Sales Tax in India

Sales Tax

Sales Tax is an indirect tax that is levied on the selling and purchasing of goods within the country. The tax which is calculated in percentage has to be paid above the base value of the product. Both the central and state governments are in a position to charge the consumer of the taxes and also decide the rate of it based on their financial needs. 

Do you also wonder that even though you pay the Sales Tax, you are not clearly aware of the meaning and purpose of it? If yes, then this article will be a blessing in disguise for you as it breaks down the Sales Tax in India in the simplest way. This blog talks thoroughly on the types and laws of Sales Tax, their exemptions, violations, and calculation.

Important information: The GST (Goods and Services Tax) has been established instead of the Sales Tax in India from July 1, 2017. 

What is Sales Tax?

Sales Tax is an indirect tax in India that is levied on the purchasing and selling of goods within the country. Basically, sales tax is an add-on amount that is paid above the base value of the purchased product. This tax is imposed by the government on the seller and the seller can retrieve it from the purchaser. This tax is levied on the final purchase of the product by the buyer or when some specific goods are exchanged. The sales tax is charged at a variable percentage on the product value. 

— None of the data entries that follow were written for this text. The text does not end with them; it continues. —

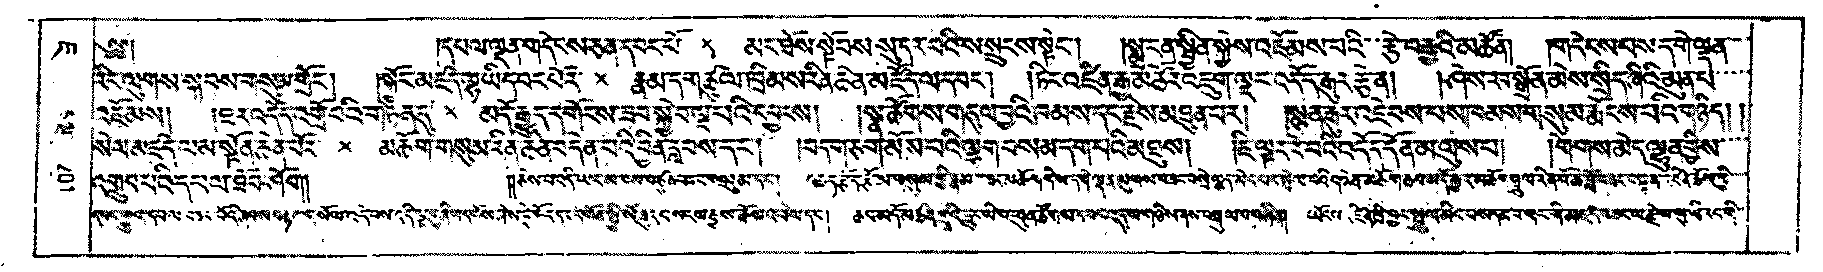༄༅། །དཔལ་ལྡན་གདེངས་ཅན་དབང་པོ་྾་མང་ཐོས་སྟོབས་སུ་དར་བའི་ས་སྲུངས་སྟེང་། །སྨྲ་ངན་སྦྱིན་སྐྱེས་འཇོམས་པའི་རྩེ་བརྒྱའི་མཚོན། །གདེངས་པས་དགེ་ལྡན་
རིང་ལུགས་སྐབས་གསུམ་གྲོང་། །སྐྱོང་མཛད་ལྷ་ཡི་དབང་པོར་྾་རྣམ་དག་ཚུལ་ཁྲིམས་རིན་ཆེན་མཛོད་ལ་དབང་། །ཏིང་འཛིན་རྒྱ་མཚོར་འཇུག་ལྡང་འདོད་རྒུར་རྩེ་ན། །ཤེས་རབ་སྒྲོན་མེས་སྲིད་ཞིའི་མུན་པ་
འཇོམས། །ཐར་འདོད་འགྲོ་བའི་གཉེན་དུ་྾་མདོ་རྒྱུད་དགོངས་ཟབ་སྐྱེ་བ་ལྔ་པའི་དབྱངས། །སྣ་ཚོགས་གདུལ་བྱའི་ཁམས་དང་རྗེས་མཐུན་པར། །སྙན་རྒུར་འཇེགས་པས་ཁམས་གསུམ་རྨོངས་པའི་གཉིད། །
སེལ་མཛད་ལམ་སྟོན་ཆེན་པོར་྾་མཆོག་གསུམ་རིན་ཆེན་བདེན་པའི་བྱིན་རླབས་དང་། །བདག་ཅག་མོས་པའི་ལྷག་བསམ་དག་པའི་མཐུས། །ཇི་ལྟར་རེ་བའི་འདོད་དོན་མ་ལུས་པ། །གེགས་མེད་ལྷུན་གྱིས་
འགྲུབ་པའི་དཔལ་ཐོབ་ཤོག ། །། ཅེས་པ་འདི་ཡང་མཁས་བཙུན་བཟང་གསུམ་དང་། འཆད་རྩོད་རྩོམ་གསུམ་གྱི་རྣམ་ཐར་མཆོག་གིས་དགེ་ལྡན་ལུགས་བཟང་བསྲེ་ལྷད་མེད་པར་སྤེལ་བའི་གཉེན་མཆོག་ཆབ་མདོ་རྒྱ་ར་མཆོག་སྤྲུལ་རིན་པོ་ཆེ་བློ་བཟང་བསྟན་འཛིན་ཆོས་ཀྱི་
དབང་ཕྱུག་དཔལ་བཟང་པོའི་ཞབས་བརྟན་གསོལ་འདེབས་འདི་ལྟ་བུ་ཞིག་དགོས་ཞེས་ཏྲེ་ཧོར་དར་དགོན་སྤྱི་སོ་ཟུར་པ་སངས་རྒྱས་ཆོས་འཕེལ་དང་། ཆབ་མདོ་མཚན་གྲྭའི་དྲུང་ཡིག་ཕུན་ཚོགས་དབང་འདུས་གཉིས་ནས་བསྐུལ་བ་བཞིན། ཡོངས་འཛིན་ཁྲི་བྱང་སྤྲུལ་མིང་པས་དམ་པ་གང་གི་མཛད་བཟང་ལ་རྗེས་སུ་ཡི་རང་གི་

Sales tax in India is imposed by both the State and Central Government. The Central Government decides this tax on the basis of its tax policies and the sales tax varies from State to State. 

Why we need to pay Sales Tax?

The benefits of paying sales tax are numerous. Let’s have a look at a few of them:

  • It is important to pay sales tax because it promotes investments and savings from a person. 
  • It aids in the economic development of the nation. 
  • Paying tax and on time helps to maintain a good credit score which has a huge relevance while applying for loans. 

Different Types of Sales Tax

Different countries all over the world have different policies related to Sales Tax. However, certain standard types are common and applicable to most countries. These types are:

  • Wholesale Sales Tax

Tax applicable on the dealers who trade in wholesale goods distribution is known as the Wholesale Sales Tax. 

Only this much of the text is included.